The next morning I awoke to foggy hills and Avatar (Avathaar, actually) dubbed in Hindi, blaring in the speaker system. It was different to watching it in the cinema, where the crowds cheered and whistled. Still quite fun though. The foreigners' faces were fun to observe. Poor things - some of them hadn't even seen Avatar in English.

We stopped at in the wee hours of the morning at a road-side 'dhaba' for breakfast. Relieved smokers and pee-ers alike jumped off the bus like X-wings out the bowels of a doomed Death Star. Ha! What if there was a dude who needed to smoke as badly as he needed to pee? Which would take priority? As a guy I can safely say that taking a slash after a long time is categorically the best feeling in the world - even better than that feeling. I love dhabas because of the fantastic cross-section of society they provide. You have every kind of person here, because the tea costs Rs 2 and because everyone needs tea. In India, things take a long time, so you need a break. Movies have intervals and bus rides have dhabas.

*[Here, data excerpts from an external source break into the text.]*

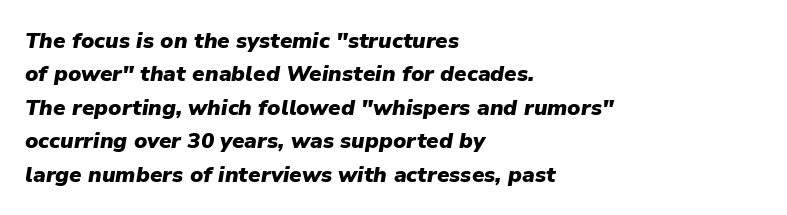
{"italic": "yes", "lean": "right", "slant_degrees": 9, "bold": "yes", "underline": "no", "align": "left", "line_spacing": "normal", "line_spacing_ratio": 1.52, "letter_spacing": "normal", "letter_spacing_em": 0.0, "glyph_px": 22}
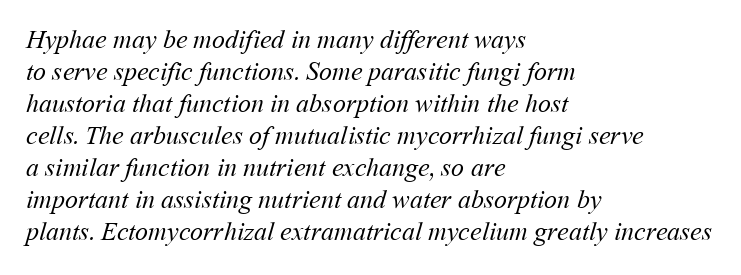
The image shows 26 px text type; set left-aligned, line spacing 1.23x, normal letter spacing, not underlined.
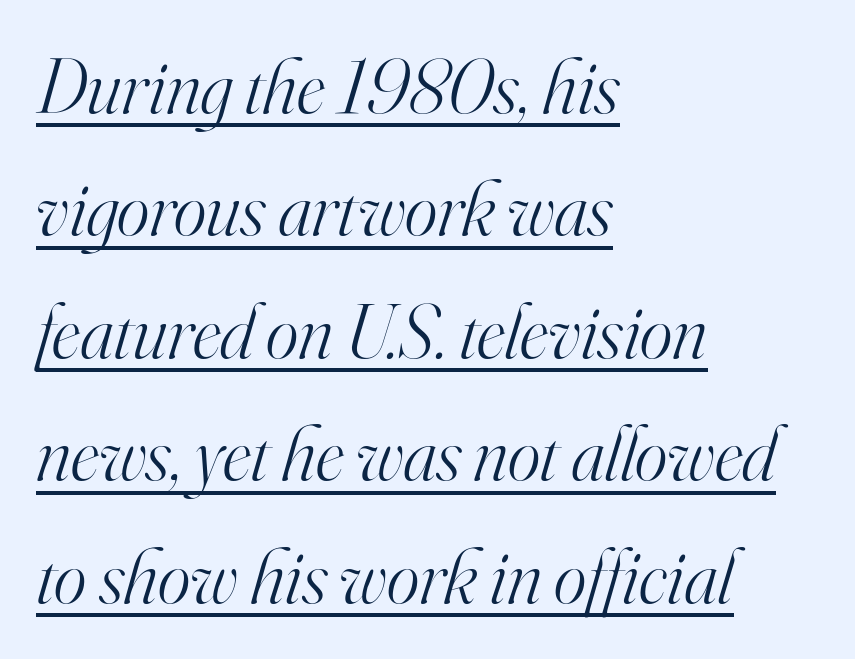
Compared with typical paragraphs, the rows here are spaced about the same. Is there an underline? Yes — a line sits under the letters. This sample uses an oblique cut, with every glyph tilted off the vertical. Each letter keeps its own natural width here, so spacing adapts to shape. No extra tracking has been applied to these lines.
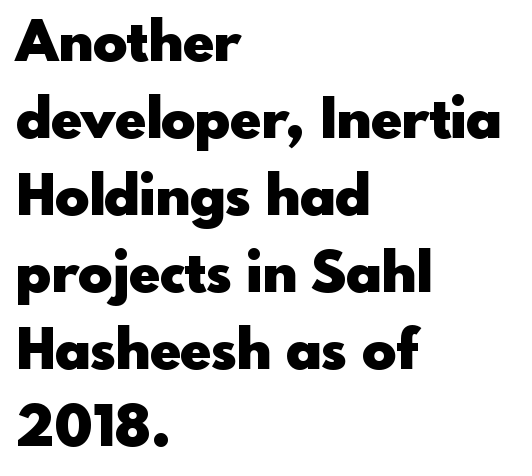
The image shows 57 px heavy sans-serif type, upright; set left-aligned, normal line spacing (1.35x), normal letter spacing, not underlined; a small x-height.
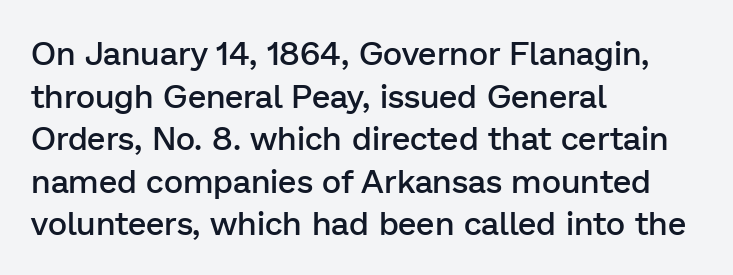
The image shows 33 px semibold sans-serif type, upright; set left-aligned, normal line spacing (1.29x), normal letter spacing, not underlined; low stroke contrast and a medium x-height.
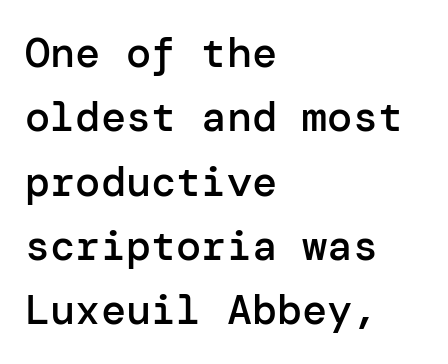
{"serif": "no", "italic": "no", "bold": "semi", "weight": "semibold", "width": "normal", "stroke_contrast": "low", "x_height": "medium", "underline": "no", "align": "left", "line_spacing": "normal", "line_spacing_ratio": 1.53, "letter_spacing": "normal", "letter_spacing_em": 0.0, "glyph_px": 42}

Bindu is talking about something but I'm not listening, I'm placing people. Apart from us Volvo bus folk, there was the standard group of 6 local-college-attending guys with dreams of alcohol and maybe even sex. They were from an engineering college in a satellite town and were clearly heading to Indibiza for New Years Eve like me. There was the noisy village family, complete with one of those tiny grandmothers who looks like she's about to collapse under the weight of her skin and of course the screaming baby. They'd come on the local, inter-state bus that had holes in the side and the suspension of a late-model shopping trolley. I don't know where they were from or where they were going to, but I knew that made up most of the population. It was not a fact I wanted to think about too much. I saw a trio of IT workers. They were wearing jeans with cross-trainers - that's how I knew who they were. Jeans and cross trainers, I'm telling ya. There were two French guys in khaki shorts, still half asleep and who could blame them? It was 6:30am! Grudgingly they took in the sunrise with the SLR's hanging from their necks. I knew where they were going: the same place as me. There were quite a few couples, affluent types. They wore nice flip-flops and had their sunglasses out. I fucking hate couples.

12 hours after leaving the sand people of Tatooine, after starry skies and paddy fields, after misty mountain mornings and a shot of chai, I felt the force of the seaside heat flow through me. That was a Jedi night.